__Aim of the task__.
Could you give the data that follows again exactly, without its pictures?

[Records contained in a dataset]
____

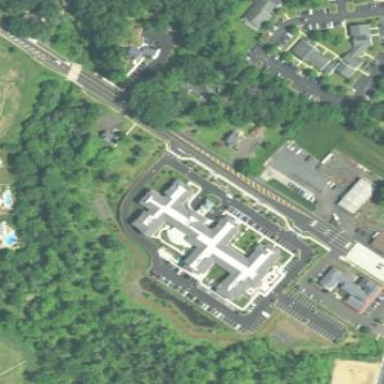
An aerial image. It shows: Building.
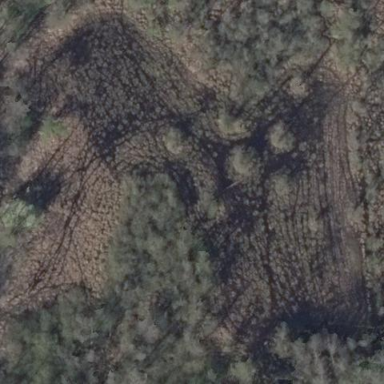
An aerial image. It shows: Wet meadow in wetland area.
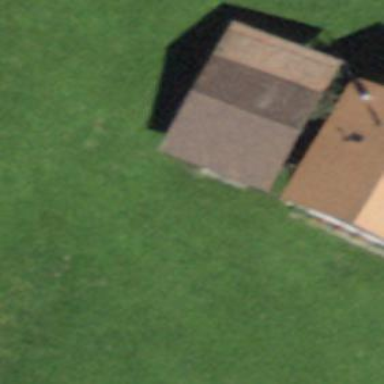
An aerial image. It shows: Barn.
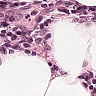
Metastatic tissue present: no
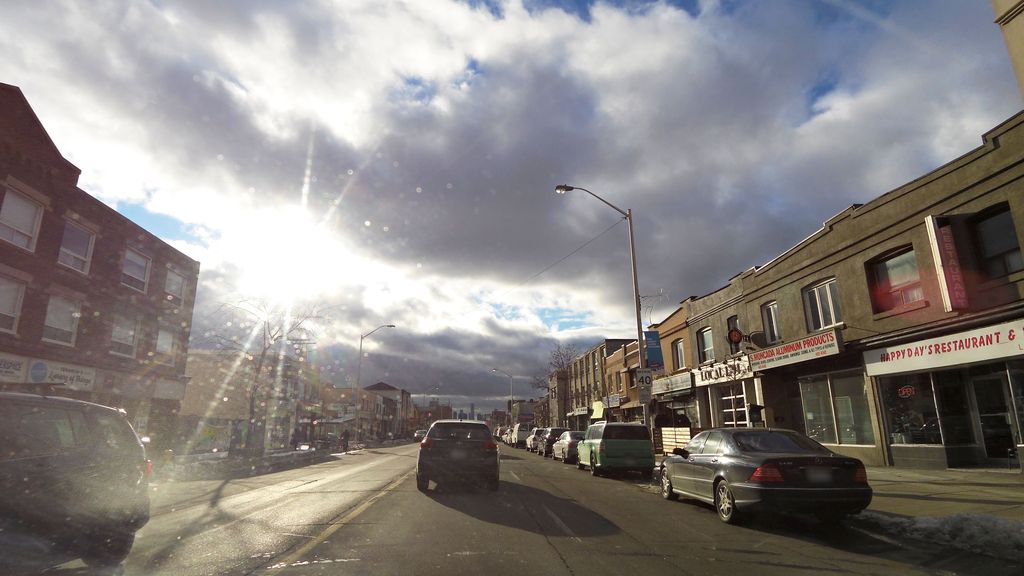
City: toronto
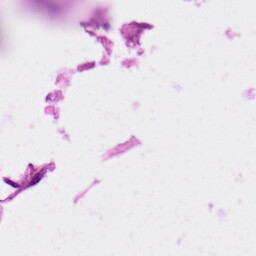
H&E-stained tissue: Skin
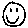
Label: smiley face
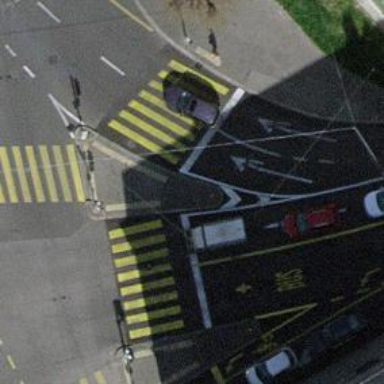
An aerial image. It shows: Road with traffic signals.
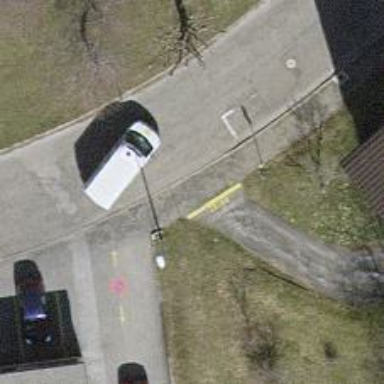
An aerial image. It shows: Sidewalk along the footway.
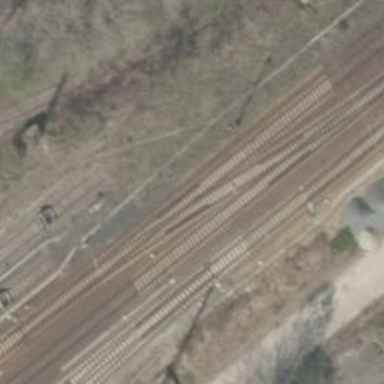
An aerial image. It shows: Railway track with contact line for electrification.
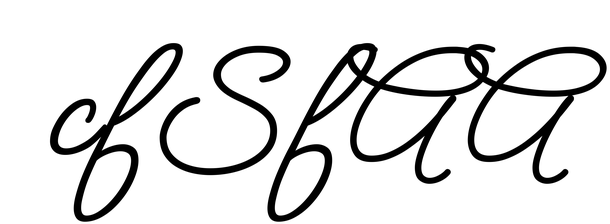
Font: MeowScript-Regular
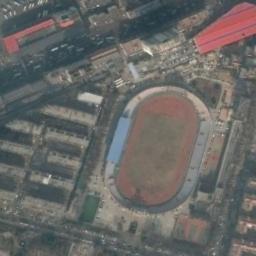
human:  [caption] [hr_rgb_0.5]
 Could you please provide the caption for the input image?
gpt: There are many roads beside the stadium .

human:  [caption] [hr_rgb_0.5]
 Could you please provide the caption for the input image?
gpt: This rectangular stadium has dense residential areas on three sides .

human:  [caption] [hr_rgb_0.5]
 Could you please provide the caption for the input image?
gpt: Oval stadium is next to the building and there is a road to the residential area .

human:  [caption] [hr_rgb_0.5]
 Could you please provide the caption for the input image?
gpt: The stadium is next to some buildings and roads .

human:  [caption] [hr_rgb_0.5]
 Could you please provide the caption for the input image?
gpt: There are some buildings around the stadium .
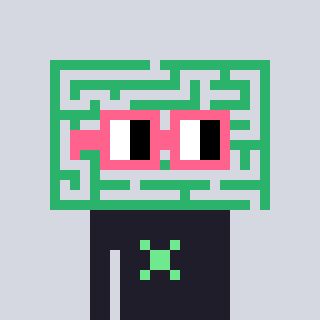
a pixel art character with square pink glasses, a maze-shaped head and a grayscale-colored body on a cool background
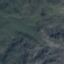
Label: HerbaceousVegetation
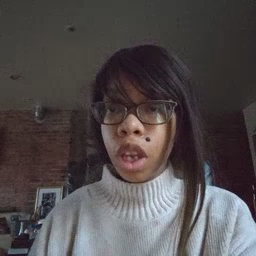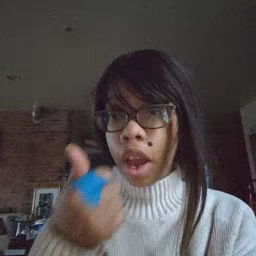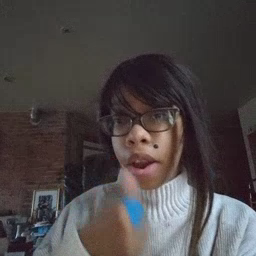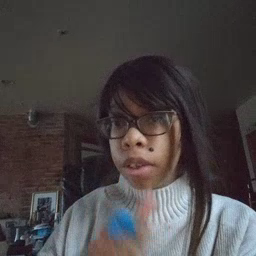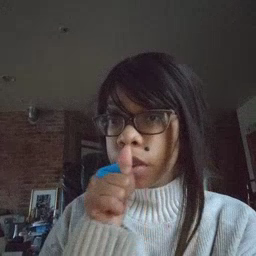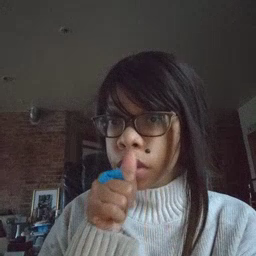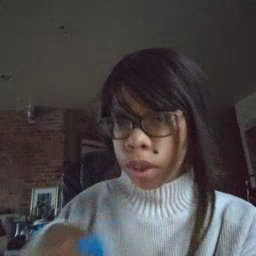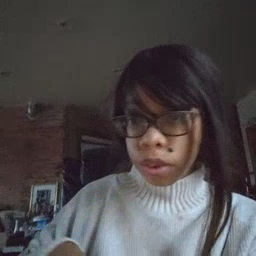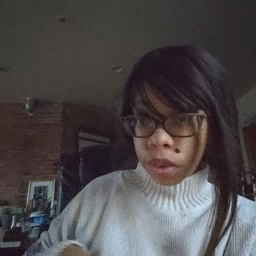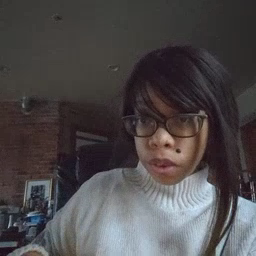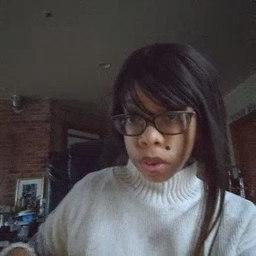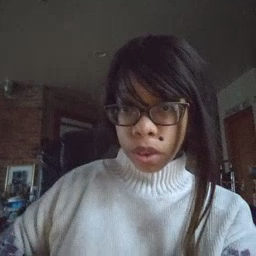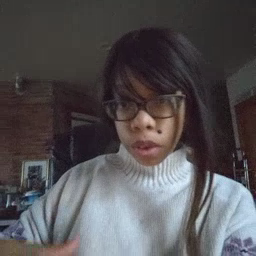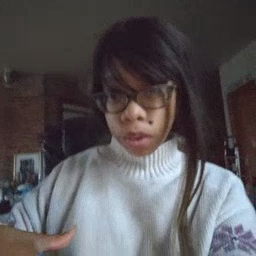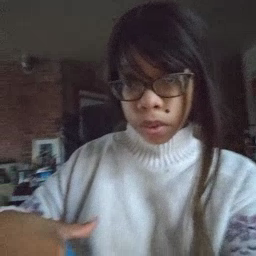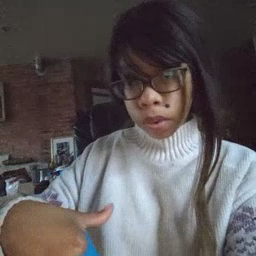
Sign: underwear
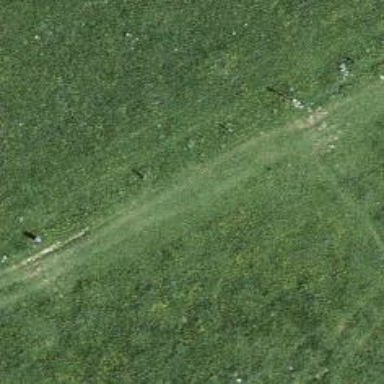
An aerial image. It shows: Path covered in grass.

____

__Expected answer__.
An aerial image. It shows: Building.
An aerial image. It shows: Wet meadow in wetland area.
An aerial image. It shows: Barn.
Metastatic tissue present: no
City: toronto
H&E-stained tissue: Skin
Label: smiley face
An aerial image. It shows: Road with traffic signals.
An aerial image. It shows: Sidewalk along the footway.
An aerial image. It shows: Railway track with contact line for electrification.
Font: MeowScript-Regular
human:  [caption] [hr_rgb_0.5]
 Could you please provide the caption for the input image?
gpt: There are many roads beside the stadium .

human:  [caption] [hr_rgb_0.5]
 Could you please provide the caption for the input image?
gpt: This rectangular stadium has dense residential areas on three sides .

human:  [caption] [hr_rgb_0.5]
 Could you please provide the caption for the input image?
gpt: Oval stadium is next to the building and there is a road to the residential area .

human:  [caption] [hr_rgb_0.5]
 Could you please provide the caption for the input image?
gpt: The stadium is next to some buildings and roads .

human:  [caption] [hr_rgb_0.5]
 Could you please provide the caption for the input image?
gpt: There are some buildings around the stadium .
a pixel art character with square pink glasses, a maze-shaped head and a grayscale-colored body on a cool background
Label: HerbaceousVegetation
Sign: underwear
An aerial image. It shows: Path covered in grass.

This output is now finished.